╭─ Dataset records
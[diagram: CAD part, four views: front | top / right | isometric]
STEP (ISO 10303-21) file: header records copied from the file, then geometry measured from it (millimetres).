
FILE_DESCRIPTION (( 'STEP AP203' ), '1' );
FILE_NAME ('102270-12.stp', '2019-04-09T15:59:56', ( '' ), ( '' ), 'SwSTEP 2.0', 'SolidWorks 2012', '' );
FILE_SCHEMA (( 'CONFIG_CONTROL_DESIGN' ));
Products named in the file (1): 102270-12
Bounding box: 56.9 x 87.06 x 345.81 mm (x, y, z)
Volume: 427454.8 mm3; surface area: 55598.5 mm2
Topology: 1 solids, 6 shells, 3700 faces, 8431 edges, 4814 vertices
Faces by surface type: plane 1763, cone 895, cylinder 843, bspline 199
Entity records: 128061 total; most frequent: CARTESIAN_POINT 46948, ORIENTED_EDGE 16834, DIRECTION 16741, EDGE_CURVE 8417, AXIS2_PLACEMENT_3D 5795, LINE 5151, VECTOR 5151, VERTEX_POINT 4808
╰─
Assigned task: Lines from the one with "STEP (ISO 10303-21)" through the end of the data: set these down exactly, including both ends and nothing more.

Solution to the exercise:
STEP (ISO 10303-21) file: header records copied from the file, then geometry measured from it (millimetres).
FILE_DESCRIPTION (( 'STEP AP203' ), '1' );
FILE_NAME ('102270-12.stp', '2019-04-09T15:59:56', ( '' ), ( '' ), 'SwSTEP 2.0', 'SolidWorks 2012', '' );
FILE_SCHEMA (( 'CONFIG_CONTROL_DESIGN' ));
Products named in the file (1): 102270-12
Bounding box: 56.9 x 87.06 x 345.81 mm (x, y, z)
Volume: 427454.8 mm3; surface area: 55598.5 mm2
Topology: 1 solids, 6 shells, 3700 faces, 8431 edges, 4814 vertices
Faces by surface type: plane 1763, cone 895, cylinder 843, bspline 199
Entity records: 128061 total; most frequent: CARTESIAN_POINT 46948, ORIENTED_EDGE 16834, DIRECTION 16741, EDGE_CURVE 8417, AXIS2_PLACEMENT_3D 5795, LINE 5151, VECTOR 5151, VERTEX_POINT 4808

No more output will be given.